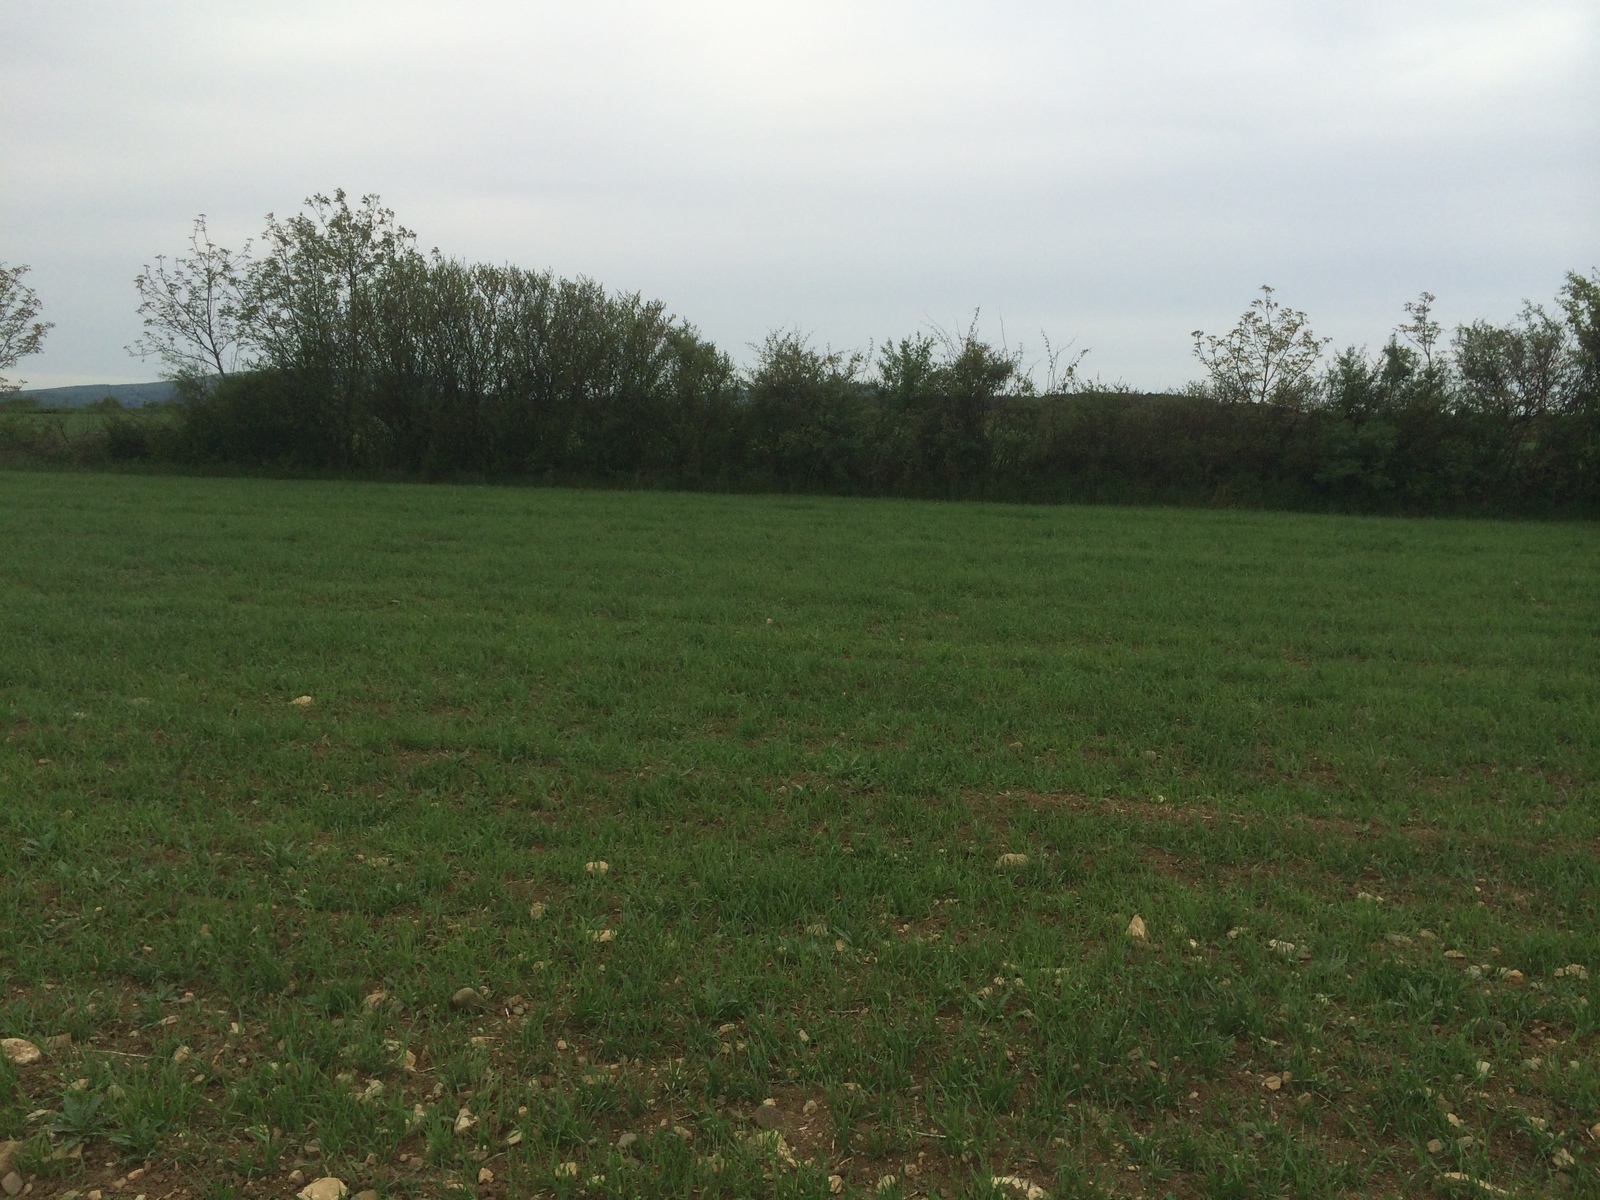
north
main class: Cropland
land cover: Barley
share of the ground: > 75 %
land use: Agriculture (excluding fallow land and kitchen gardens)
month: May
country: AT
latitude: 47.9436
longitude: 16.1488

**TASK DESCRIPTION**
Please reproduce the listing word for word, but only from the line that contains "share of the ground: > 75 %" to its last line, inclusive.

**OUTPUT FOR THIS EXERCISE**
share of the ground: > 75 %
land use: Agriculture (excluding fallow land and kitchen gardens)
month: May
country: AT
latitude: 47.9436
longitude: 16.1488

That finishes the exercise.